DATA HELD BY GOVERNMENT AGENCIES
The FOIB should provide for a professional and legal process from the asking to the giving and/or denial. The process should not be confounded with private information at this stage. For this round, supporters may want to keep their eye on the ball and fight for access to “Records held by Public Agencies and Public Corporations in which the people of Ghana have AN interest.” Data held by government is the essence of any FOI laws, to begin with.

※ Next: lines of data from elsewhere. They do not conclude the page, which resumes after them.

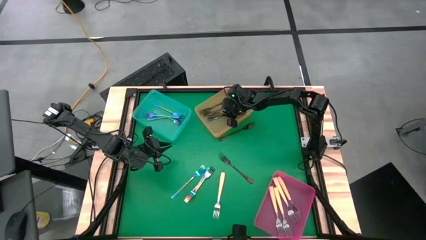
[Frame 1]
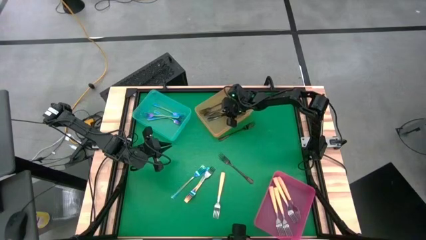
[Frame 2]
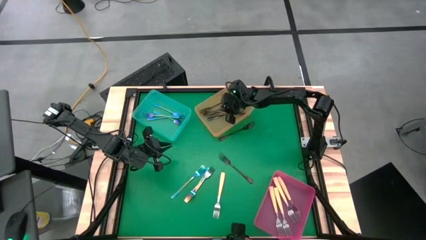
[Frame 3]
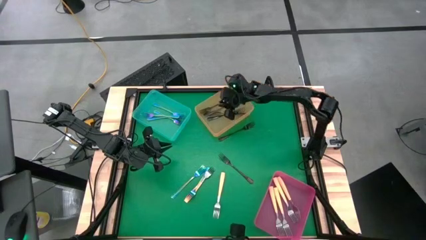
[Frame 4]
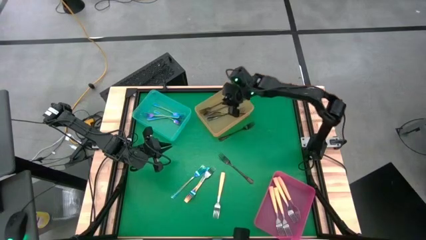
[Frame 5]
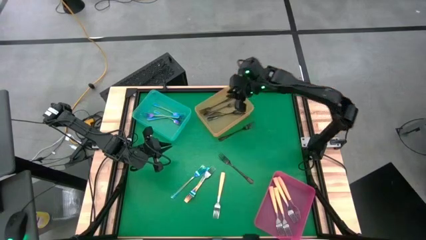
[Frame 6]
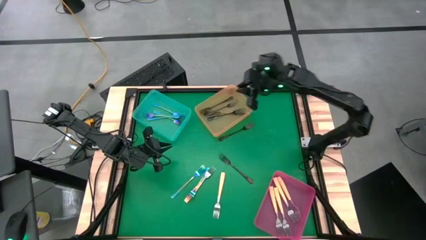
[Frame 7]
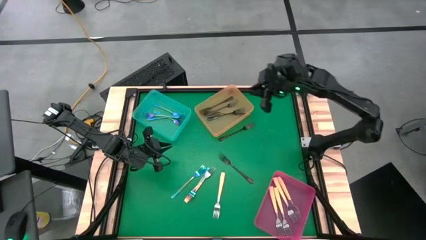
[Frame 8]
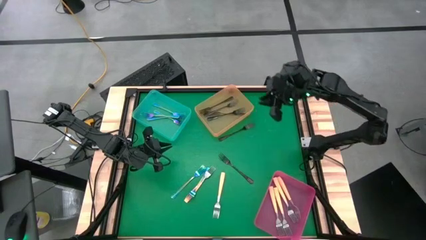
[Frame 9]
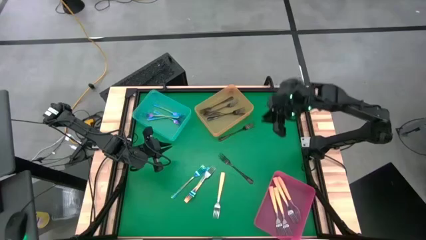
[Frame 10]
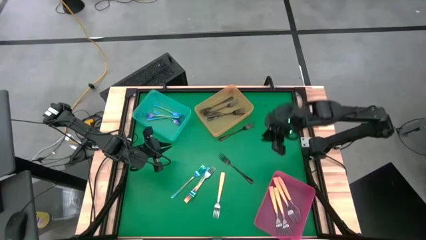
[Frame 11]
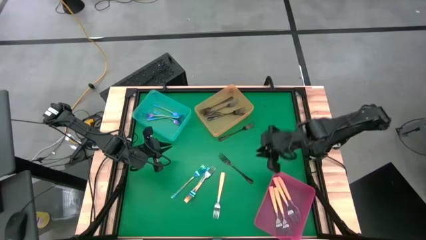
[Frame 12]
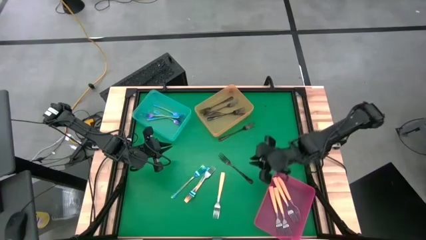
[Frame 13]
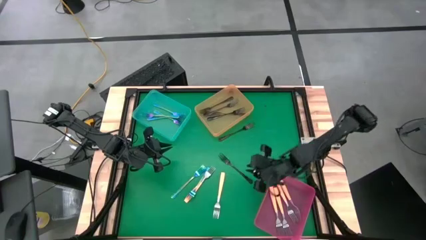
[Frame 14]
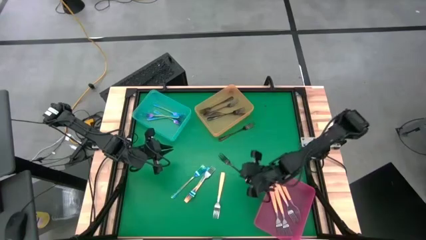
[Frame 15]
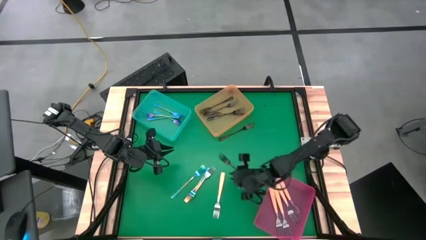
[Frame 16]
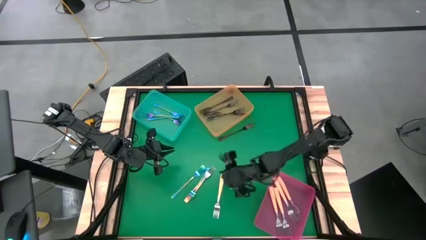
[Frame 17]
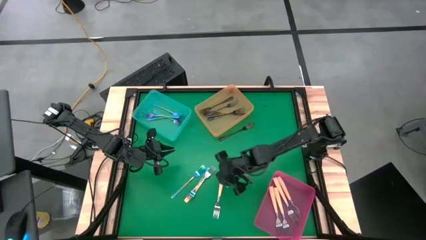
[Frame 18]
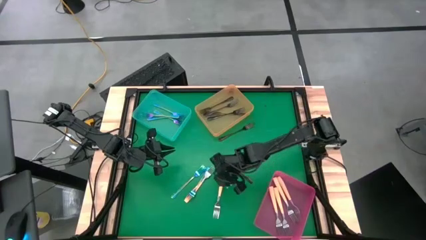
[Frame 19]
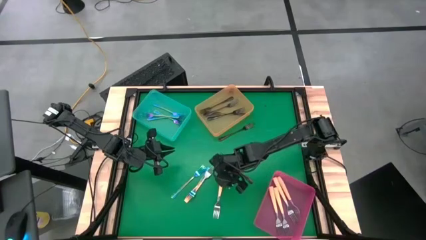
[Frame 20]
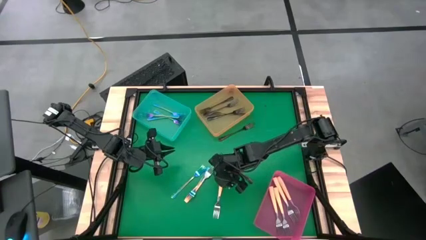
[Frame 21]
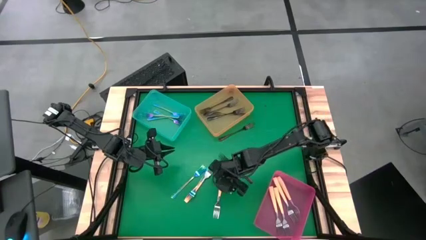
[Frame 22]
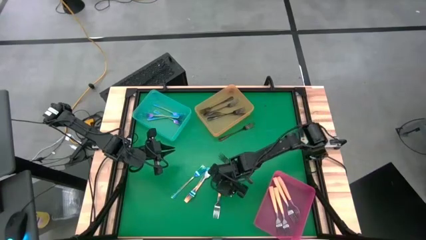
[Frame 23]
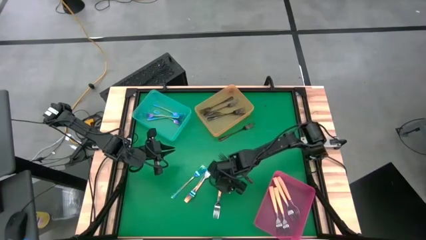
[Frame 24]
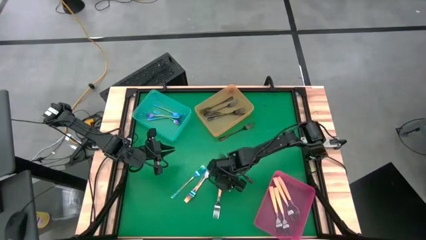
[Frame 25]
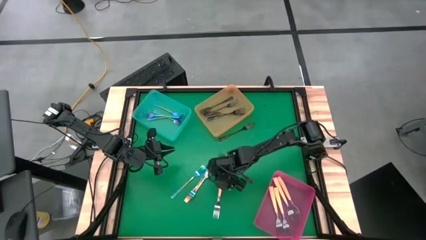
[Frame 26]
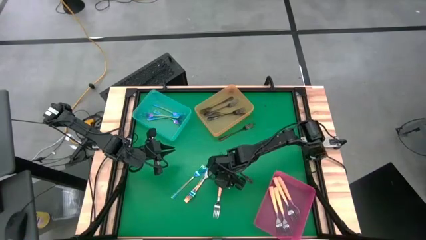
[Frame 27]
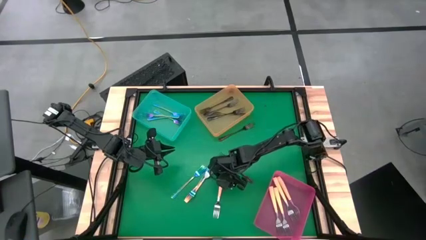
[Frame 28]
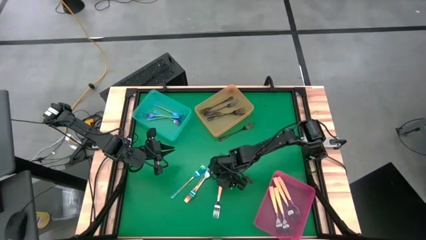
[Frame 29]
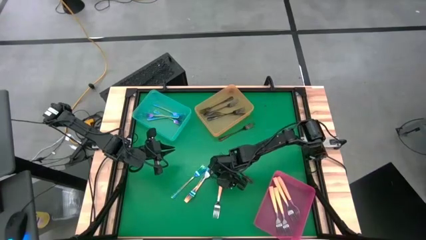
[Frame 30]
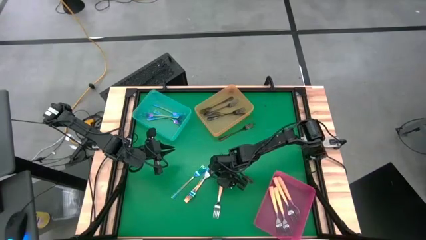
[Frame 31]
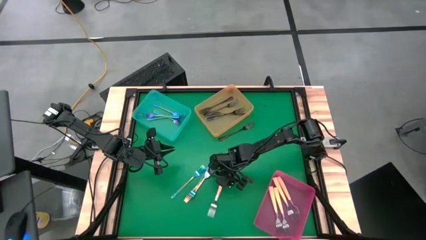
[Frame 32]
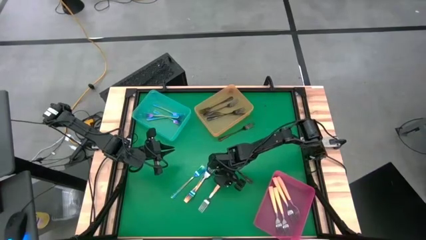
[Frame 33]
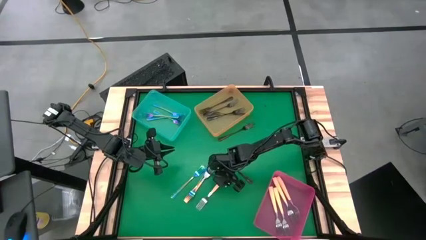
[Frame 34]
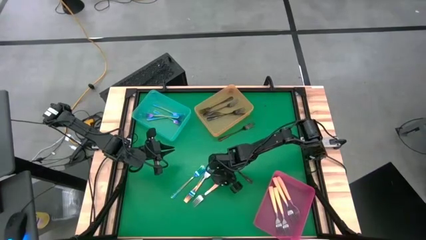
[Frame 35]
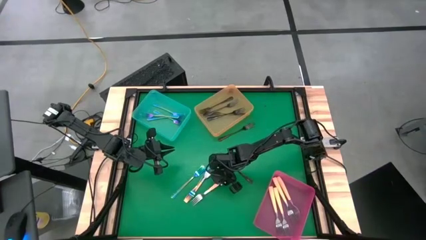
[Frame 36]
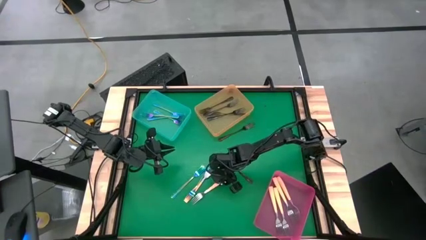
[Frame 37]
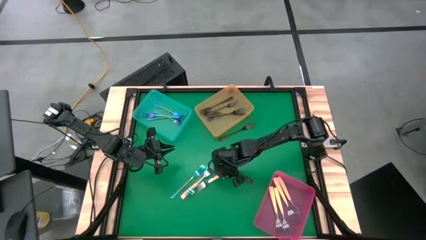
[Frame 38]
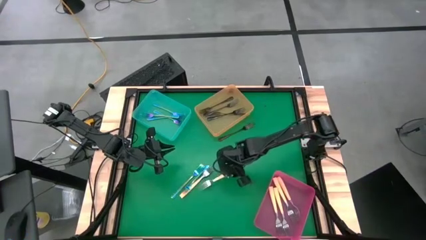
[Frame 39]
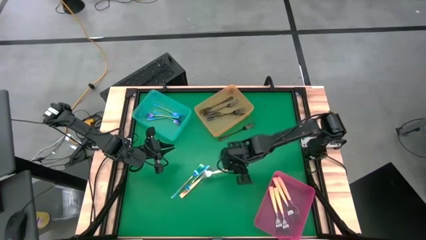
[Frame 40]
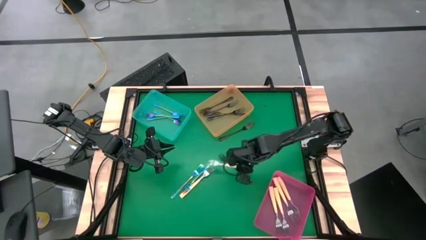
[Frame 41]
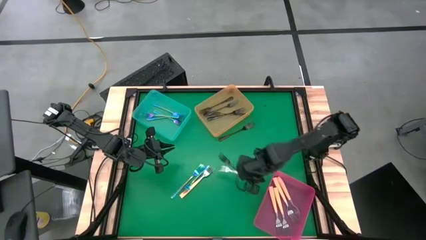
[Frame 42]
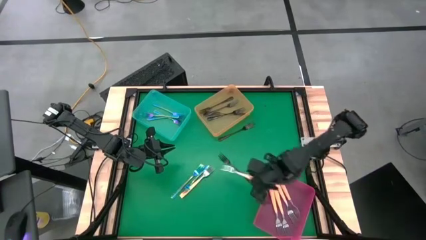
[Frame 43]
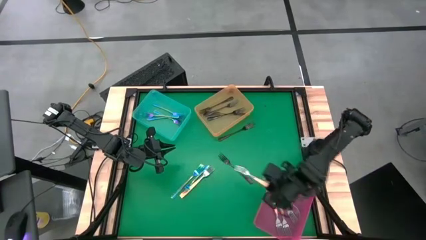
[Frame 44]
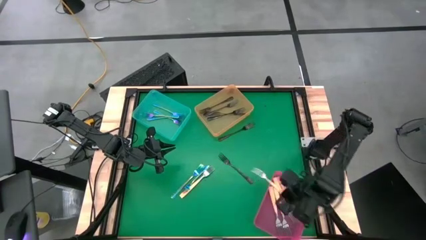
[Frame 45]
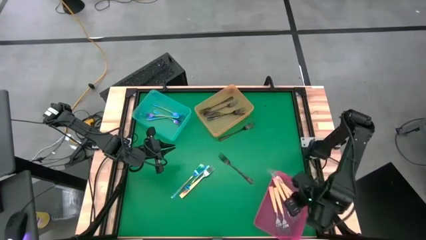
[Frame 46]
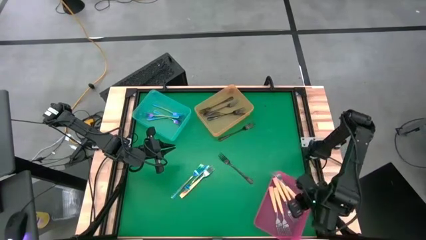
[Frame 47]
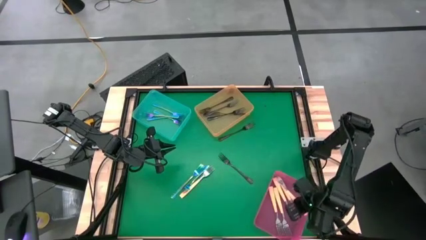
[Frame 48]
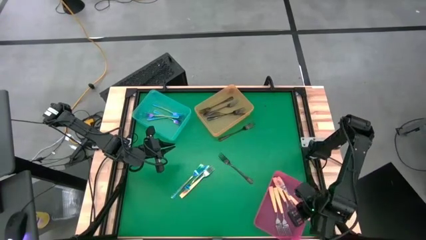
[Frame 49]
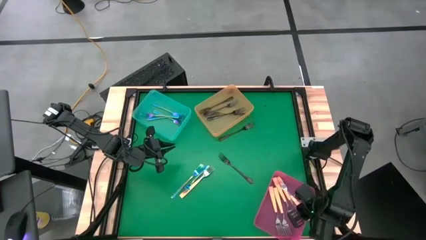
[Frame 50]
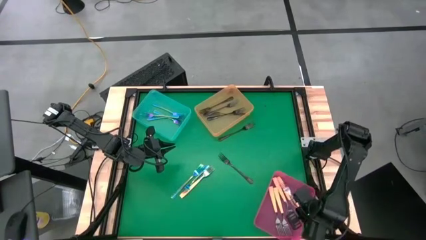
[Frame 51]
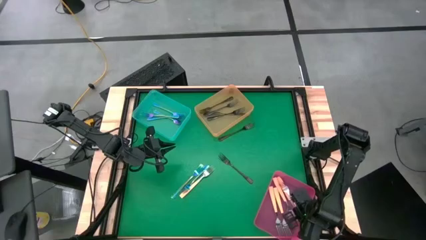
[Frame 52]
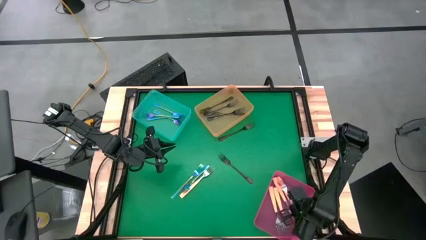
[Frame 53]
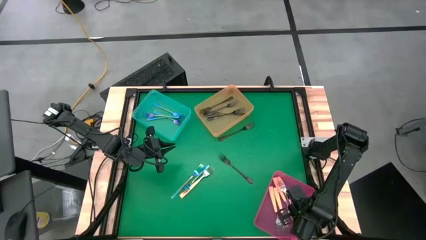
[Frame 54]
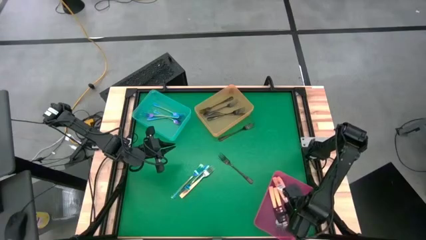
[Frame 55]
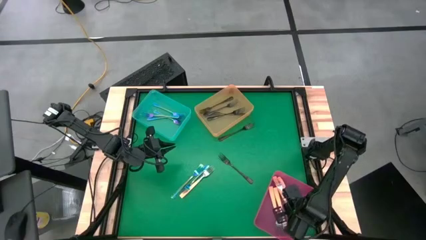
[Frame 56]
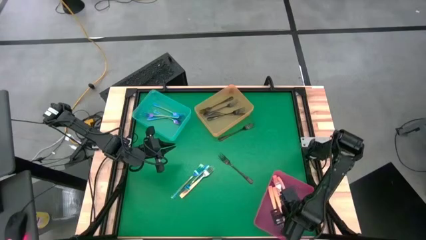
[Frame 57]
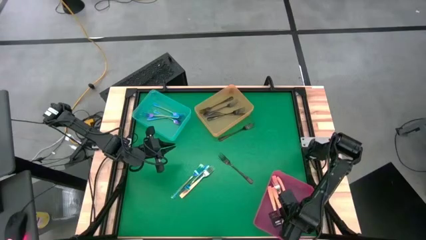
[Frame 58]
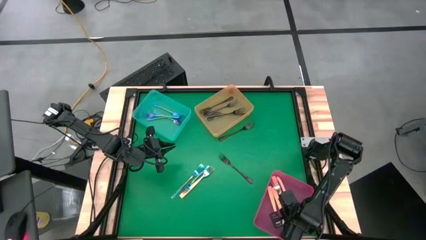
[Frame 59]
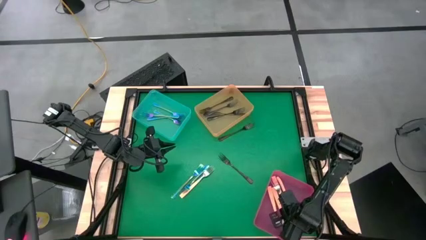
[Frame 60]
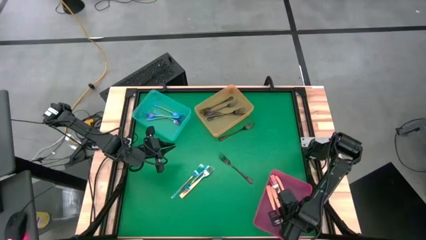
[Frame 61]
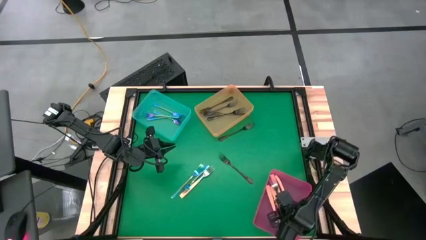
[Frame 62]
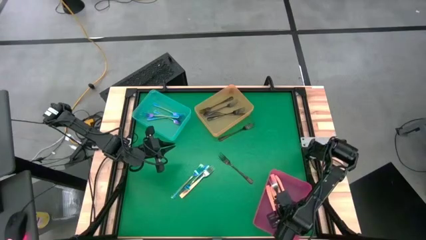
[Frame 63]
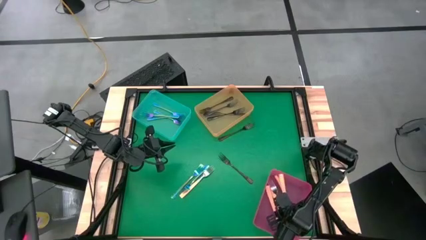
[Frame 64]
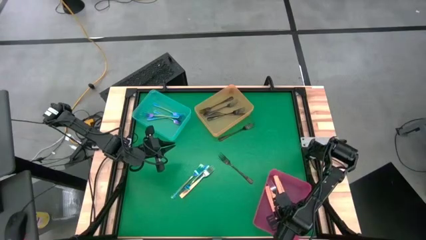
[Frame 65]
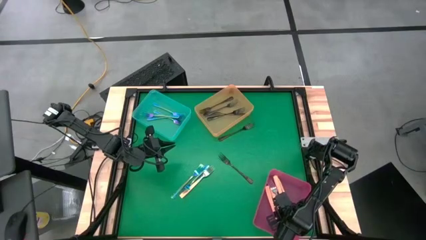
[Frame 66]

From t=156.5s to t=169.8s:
Task: Sort silverware by color (type)
Put the yellow fork into the pink bin

WHO CAN MAKE A FOIB REQUEST
Any individual, including non-citizens, corporations, associations, public interest groups, media, Regions, Districts, Local Governments, Chiefs, etc., ought to be able to make a FOIB request, stating such request as a FOIB request. No one should be compelled to say why, for any reason, including expedited requests.
RESPONSIBILITY OF SECTOR MINISTER
This is another Jumbo jet-size loophole!! Drafters should delete “Internal Review by Sector Minister from the Draft FOIB and rewrite Section 18 to incorporate FOIB Panel and Commissioner, to be funded as an independent agency, by the Common Fund. The revision should narrowly define Ministers’ responsibility to the FOIB manual, to include rules, procedures, descriptions of forms available, or the places at which forms may be obtained, and instructions as to the scope and content of all papers or reports. To avoid unnecessary appeals and potential litigations, ministries and agencies will make every effort to keep requestors apprised of the status of their requests and may not charge (1) educational institutions, (2) non-commercial interests, (3) scientific organizations, and (4) news media organizations, for FOIB requests.

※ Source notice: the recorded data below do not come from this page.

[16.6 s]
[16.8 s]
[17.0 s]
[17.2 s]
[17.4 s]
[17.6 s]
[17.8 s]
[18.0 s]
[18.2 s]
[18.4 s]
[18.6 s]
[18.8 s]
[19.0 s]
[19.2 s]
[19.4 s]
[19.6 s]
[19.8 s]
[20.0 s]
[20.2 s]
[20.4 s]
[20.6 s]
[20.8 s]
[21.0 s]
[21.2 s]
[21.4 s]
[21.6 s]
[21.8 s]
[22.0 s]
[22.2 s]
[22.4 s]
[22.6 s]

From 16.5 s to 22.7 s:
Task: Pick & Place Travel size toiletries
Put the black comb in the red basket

LEVERAGING FOIB INTO THE INFORMATION AGE
The benefit of modern technology will allow the Ghana FOIB to join the information and electronic age right from the start. The FOIB should require establishment of Electronic FOIB System, (EFOIBS) to process and track all requests, from the asking to the giving/denial. Each agency should establish EFOIB Reading Rooms on the World Wide Web, and on Agency web sites. (All Ghana agency websites should be accessible directly from a sole Government of Ghana information portal). FOIB information shall include records, press releases, and of course the agency FOIB Manual, and updates as published in the Government White Paper registry.

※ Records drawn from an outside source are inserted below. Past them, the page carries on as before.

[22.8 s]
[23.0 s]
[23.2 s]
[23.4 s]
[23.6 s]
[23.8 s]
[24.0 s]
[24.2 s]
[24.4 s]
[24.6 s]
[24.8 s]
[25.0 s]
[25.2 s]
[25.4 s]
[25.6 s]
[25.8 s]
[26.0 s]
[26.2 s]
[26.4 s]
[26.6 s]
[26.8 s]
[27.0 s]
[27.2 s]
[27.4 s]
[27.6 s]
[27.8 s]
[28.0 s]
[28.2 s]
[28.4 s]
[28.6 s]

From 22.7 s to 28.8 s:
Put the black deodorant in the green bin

As a recurrent requirement, on or before the first day of each Fiscal Year, each public agency should be required to submit to the FOIB Commissioner a report covering the proceeding fiscal year. Information will relate to (1) FOIB denials and reasons behind, (2) number of appeals, the results, reasons, with list of applicable statutes for the basis, (3) number of requests pending, median number of days those records have been pending, (4) number of records received, number of records processed, (5) median number of days taken by each agency/ministry to process requests for different types of requests, (6) total fees collected and sources, (7) number of full time staff devoted to FOIB and cost of staff to government, (8) make the report public information, including providing electronic on-line access.
TIME LIMIT
All agencies should be required to acknowledge receipt of requests within 7 days, and be required to provide the information within 20 days or deny the request, stating reasons, and telling requestor they have the option of appealing the denial before the Regional FOIB Commissioner, or any such body or panel.
OTHER WEAKNESSES OF THE GHANA DRAFT FOIB
Other weaknesses of the draft include (1) lack of an independent FOIB Commissioner (judge and panel), (2) neglect and lack of any role for CHRAJ and SFO, (3) absence of any reference to the Ghana Asset Declaration Law, and (4) absence of a realistic commitment to make sure access to government information will truly improve after passage of the FOIB. This is shameful and sad. It smacks of opportunists laying in wait to suppress the peoples’ freedom to access public information as part of the larger effort to make the government honest, accountable, and transparent.